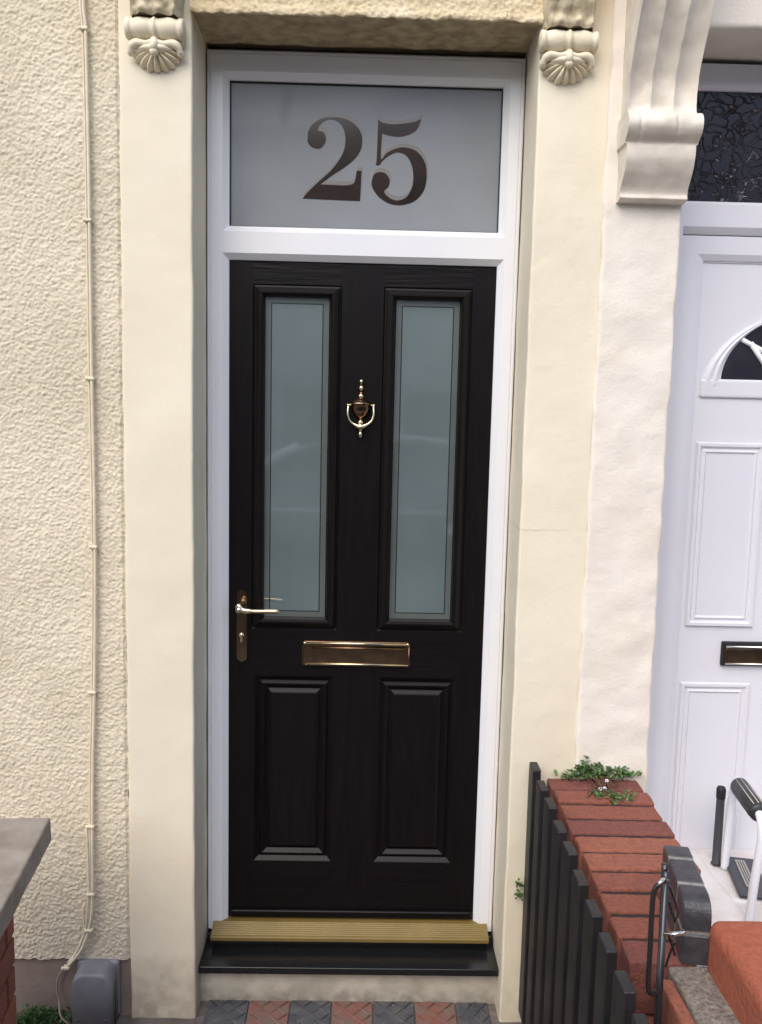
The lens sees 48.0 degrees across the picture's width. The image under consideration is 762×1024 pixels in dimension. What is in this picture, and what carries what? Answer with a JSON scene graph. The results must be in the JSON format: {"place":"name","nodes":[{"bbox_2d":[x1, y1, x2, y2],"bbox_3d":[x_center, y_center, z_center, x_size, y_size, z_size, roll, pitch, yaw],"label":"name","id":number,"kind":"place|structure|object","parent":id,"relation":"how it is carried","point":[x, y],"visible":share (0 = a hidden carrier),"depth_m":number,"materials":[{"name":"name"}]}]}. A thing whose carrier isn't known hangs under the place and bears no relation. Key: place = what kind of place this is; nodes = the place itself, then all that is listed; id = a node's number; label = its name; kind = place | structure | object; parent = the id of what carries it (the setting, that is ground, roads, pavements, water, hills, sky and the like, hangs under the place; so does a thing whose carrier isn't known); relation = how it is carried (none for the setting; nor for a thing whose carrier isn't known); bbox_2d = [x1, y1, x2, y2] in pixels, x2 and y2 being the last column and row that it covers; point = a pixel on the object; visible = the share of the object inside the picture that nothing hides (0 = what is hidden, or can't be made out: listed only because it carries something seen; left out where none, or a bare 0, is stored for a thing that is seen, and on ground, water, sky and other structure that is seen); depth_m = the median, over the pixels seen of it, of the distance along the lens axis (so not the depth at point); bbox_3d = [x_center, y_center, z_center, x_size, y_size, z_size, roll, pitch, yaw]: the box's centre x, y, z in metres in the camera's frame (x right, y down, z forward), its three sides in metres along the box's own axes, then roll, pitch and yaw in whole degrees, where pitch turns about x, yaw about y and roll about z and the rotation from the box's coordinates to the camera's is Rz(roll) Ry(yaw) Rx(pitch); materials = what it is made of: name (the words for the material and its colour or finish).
{"place":"outdoors","nodes":[
{"label":"outdoors","id":0,"kind":"place"},
{"bbox_2d":[0,817,50,1023],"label":"gate pier","id":1,"kind":"structure","parent":0,"point":[24,843],"depth_m":1.96,"materials":[{"name":"concrete"}]},
{"bbox_2d":[16,1014,195,1023],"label":"yard","id":2,"kind":"structure","parent":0,"point":[125,1019],"depth_m":2.48,"materials":[{"name":"grey concrete"}]},
{"bbox_2d":[15,1003,71,1023],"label":"grass tuft","id":3,"kind":"object","parent":2,"relation":"on","point":[39,1016],"visible":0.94,"depth_m":2.46,"materials":[{"name":"green plant"}]},
{"bbox_2d":[71,958,120,1023],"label":"meter box","id":4,"kind":"object","parent":2,"relation":"on","point":[96,991],"visible":1,"depth_m":2.41,"materials":[{"name":"grey plastic"}]},
{"bbox_2d":[205,999,473,1005],"bbox_3d":[-0.122,1.473,2.572,0.811,0.004,0.029,1,7,-1],"label":"grit","id":5,"kind":"object","parent":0,"point":[339,1001],"visible":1,"depth_m":2.57,"materials":[{"name":"grey concrete"}]},
{"bbox_2d":[194,1000,521,1023],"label":"tiled path","id":6,"kind":"structure","parent":0,"point":[278,1012],"depth_m":2.53,"materials":[{"name":"multicoloured brick"}]},
{"label":"ground","id":7,"kind":"structure","parent":0,"visible":0},
{"bbox_2d":[0,0,613,1021],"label":"terraced house","id":8,"kind":"structure","parent":7,"relation":"on","point":[344,276],"depth_m":2.43,"materials":[{"name":"paint"}]},
{"bbox_2d":[56,0,97,1023],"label":"cable","id":9,"kind":"object","parent":8,"relation":"attached to","point":[83,28],"visible":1,"depth_m":2.31,"materials":[{"name":"beige plastic"}]},
{"bbox_2d":[228,260,496,918],"bbox_3d":[-0.071,0.279,2.548,0.770,2.000,0.114,1,7,-1],"label":"front door","id":10,"kind":"structure","parent":8,"relation":"in","point":[360,394],"depth_m":2.56,"materials":[{"name":"black"}]},
{"bbox_2d":[514,878,523,900],"bbox_3d":[0.396,1.083,2.450,0.031,0.071,0.017,1,7,-1],"label":"weed","id":11,"kind":"object","parent":8,"relation":"attached to","point":[520,895],"visible":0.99,"depth_m":2.45,"materials":[{"name":"green plant"}]},
{"bbox_2d":[547,779,711,1023],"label":"garden wall","id":12,"kind":"structure","parent":7,"relation":"on","point":[624,850],"depth_m":1.88,"materials":[{"name":"red brick"}]},
{"bbox_2d":[519,762,648,1023],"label":"garden gate","id":13,"kind":"structure","parent":12,"relation":"attached to","point":[570,973],"depth_m":1.95,"materials":[{"name":"black paint"}]},
{"bbox_2d":[554,755,641,804],"bbox_3d":[0.618,0.730,2.331,0.259,0.074,0.177,1,7,-1],"label":"weed","id":14,"kind":"object","parent":12,"relation":"on","point":[582,773],"visible":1,"depth_m":2.40,"materials":[{"name":"green plant"}]},
{"bbox_2d":[573,0,761,965],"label":"terraced house","id":15,"kind":"structure","parent":7,"relation":"on","point":[669,705],"depth_m":2.42,"materials":[{"name":"white paint"}]},
{"bbox_2d":[667,261,761,849],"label":"front door","id":16,"kind":"structure","parent":15,"relation":"in","point":[717,737],"depth_m":2.58,"materials":[{"name":"white plastic"}]},
{"bbox_2d":[710,785,725,865],"bbox_3d":[1.011,0.937,2.562,0.032,0.242,0.032,1,7,-1],"label":"short post","id":17,"kind":"object","parent":15,"relation":"on","point":[718,823],"visible":1,"depth_m":2.55,"materials":[{"name":"grey"}]},
{"bbox_2d":[727,857,761,899],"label":"foot plate","id":18,"kind":"object","parent":15,"relation":"on","point":[739,869],"visible":0.69,"depth_m":2.49,"materials":[{"name":"grey"}]},
{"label":"neighbour path","id":19,"kind":"structure","parent":0,"visible":0},
{"bbox_2d":[661,921,761,1023],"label":"gate pier","id":20,"kind":"structure","parent":19,"relation":"on","point":[724,986],"depth_m":1.51,"materials":[{"name":"red brick"}]},
{"bbox_2d":[646,862,685,1023],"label":"latch post","id":21,"kind":"object","parent":20,"relation":"attached to","point":[663,884],"visible":1,"depth_m":1.49,"materials":[{"name":"black metal"}]},
{"bbox_2d":[720,778,761,920],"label":"handrail","id":22,"kind":"object","parent":19,"relation":"on","point":[744,793],"visible":0.93,"depth_m":2.32,"materials":[{"name":"white metal"}]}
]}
::::::::
## [Brief]
Without any pictures, output the entries above exactly as they appear.

## [Task solution]
The lens sees 48.0 degrees across the picture's width. The image under consideration is 762×1024 pixels in dimension. What is in this picture, and what carries what? Answer with a JSON scene graph. The results must be in the JSON format: {"place":"name","nodes":[{"bbox_2d":[x1, y1, x2, y2],"bbox_3d":[x_center, y_center, z_center, x_size, y_size, z_size, roll, pitch, yaw],"label":"name","id":number,"kind":"place|structure|object","parent":id,"relation":"how it is carried","point":[x, y],"visible":share (0 = a hidden carrier),"depth_m":number,"materials":[{"name":"name"}]}]}. A thing whose carrier isn't known hangs under the place and bears no relation. Key: place = what kind of place this is; nodes = the place itself, then all that is listed; id = a node's number; label = its name; kind = place | structure | object; parent = the id of what carries it (the setting, that is ground, roads, pavements, water, hills, sky and the like, hangs under the place; so does a thing whose carrier isn't known); relation = how it is carried (none for the setting; nor for a thing whose carrier isn't known); bbox_2d = [x1, y1, x2, y2] in pixels, x2 and y2 being the last column and row that it covers; point = a pixel on the object; visible = the share of the object inside the picture that nothing hides (0 = what is hidden, or can't be made out: listed only because it carries something seen; left out where none, or a bare 0, is stored for a thing that is seen, and on ground, water, sky and other structure that is seen); depth_m = the median, over the pixels seen of it, of the distance along the lens axis (so not the depth at point); bbox_3d = [x_center, y_center, z_center, x_size, y_size, z_size, roll, pitch, yaw]: the box's centre x, y, z in metres in the camera's frame (x right, y down, z forward), its three sides in metres along the box's own axes, then roll, pitch and yaw in whole degrees, where pitch turns about x, yaw about y and roll about z and the rotation from the box's coordinates to the camera's is Rz(roll) Ry(yaw) Rx(pitch); materials = what it is made of: name (the words for the material and its colour or finish).
{"place":"outdoors","nodes":[
{"label":"outdoors","id":0,"kind":"place"},
{"bbox_2d":[0,817,50,1023],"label":"gate pier","id":1,"kind":"structure","parent":0,"point":[24,843],"depth_m":1.96,"materials":[{"name":"concrete"}]},
{"bbox_2d":[16,1014,195,1023],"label":"yard","id":2,"kind":"structure","parent":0,"point":[125,1019],"depth_m":2.48,"materials":[{"name":"grey concrete"}]},
{"bbox_2d":[15,1003,71,1023],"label":"grass tuft","id":3,"kind":"object","parent":2,"relation":"on","point":[39,1016],"visible":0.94,"depth_m":2.46,"materials":[{"name":"green plant"}]},
{"bbox_2d":[71,958,120,1023],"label":"meter box","id":4,"kind":"object","parent":2,"relation":"on","point":[96,991],"visible":1,"depth_m":2.41,"materials":[{"name":"grey plastic"}]},
{"bbox_2d":[205,999,473,1005],"bbox_3d":[-0.122,1.473,2.572,0.811,0.004,0.029,1,7,-1],"label":"grit","id":5,"kind":"object","parent":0,"point":[339,1001],"visible":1,"depth_m":2.57,"materials":[{"name":"grey concrete"}]},
{"bbox_2d":[194,1000,521,1023],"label":"tiled path","id":6,"kind":"structure","parent":0,"point":[278,1012],"depth_m":2.53,"materials":[{"name":"multicoloured brick"}]},
{"label":"ground","id":7,"kind":"structure","parent":0,"visible":0},
{"bbox_2d":[0,0,613,1021],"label":"terraced house","id":8,"kind":"structure","parent":7,"relation":"on","point":[344,276],"depth_m":2.43,"materials":[{"name":"paint"}]},
{"bbox_2d":[56,0,97,1023],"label":"cable","id":9,"kind":"object","parent":8,"relation":"attached to","point":[83,28],"visible":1,"depth_m":2.31,"materials":[{"name":"beige plastic"}]},
{"bbox_2d":[228,260,496,918],"bbox_3d":[-0.071,0.279,2.548,0.770,2.000,0.114,1,7,-1],"label":"front door","id":10,"kind":"structure","parent":8,"relation":"in","point":[360,394],"depth_m":2.56,"materials":[{"name":"black"}]},
{"bbox_2d":[514,878,523,900],"bbox_3d":[0.396,1.083,2.450,0.031,0.071,0.017,1,7,-1],"label":"weed","id":11,"kind":"object","parent":8,"relation":"attached to","point":[520,895],"visible":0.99,"depth_m":2.45,"materials":[{"name":"green plant"}]},
{"bbox_2d":[547,779,711,1023],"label":"garden wall","id":12,"kind":"structure","parent":7,"relation":"on","point":[624,850],"depth_m":1.88,"materials":[{"name":"red brick"}]},
{"bbox_2d":[519,762,648,1023],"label":"garden gate","id":13,"kind":"structure","parent":12,"relation":"attached to","point":[570,973],"depth_m":1.95,"materials":[{"name":"black paint"}]},
{"bbox_2d":[554,755,641,804],"bbox_3d":[0.618,0.730,2.331,0.259,0.074,0.177,1,7,-1],"label":"weed","id":14,"kind":"object","parent":12,"relation":"on","point":[582,773],"visible":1,"depth_m":2.40,"materials":[{"name":"green plant"}]},
{"bbox_2d":[573,0,761,965],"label":"terraced house","id":15,"kind":"structure","parent":7,"relation":"on","point":[669,705],"depth_m":2.42,"materials":[{"name":"white paint"}]},
{"bbox_2d":[667,261,761,849],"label":"front door","id":16,"kind":"structure","parent":15,"relation":"in","point":[717,737],"depth_m":2.58,"materials":[{"name":"white plastic"}]},
{"bbox_2d":[710,785,725,865],"bbox_3d":[1.011,0.937,2.562,0.032,0.242,0.032,1,7,-1],"label":"short post","id":17,"kind":"object","parent":15,"relation":"on","point":[718,823],"visible":1,"depth_m":2.55,"materials":[{"name":"grey"}]},
{"bbox_2d":[727,857,761,899],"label":"foot plate","id":18,"kind":"object","parent":15,"relation":"on","point":[739,869],"visible":0.69,"depth_m":2.49,"materials":[{"name":"grey"}]},
{"label":"neighbour path","id":19,"kind":"structure","parent":0,"visible":0},
{"bbox_2d":[661,921,761,1023],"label":"gate pier","id":20,"kind":"structure","parent":19,"relation":"on","point":[724,986],"depth_m":1.51,"materials":[{"name":"red brick"}]},
{"bbox_2d":[646,862,685,1023],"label":"latch post","id":21,"kind":"object","parent":20,"relation":"attached to","point":[663,884],"visible":1,"depth_m":1.49,"materials":[{"name":"black metal"}]},
{"bbox_2d":[720,778,761,920],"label":"handrail","id":22,"kind":"object","parent":19,"relation":"on","point":[744,793],"visible":0.93,"depth_m":2.32,"materials":[{"name":"white metal"}]}
]}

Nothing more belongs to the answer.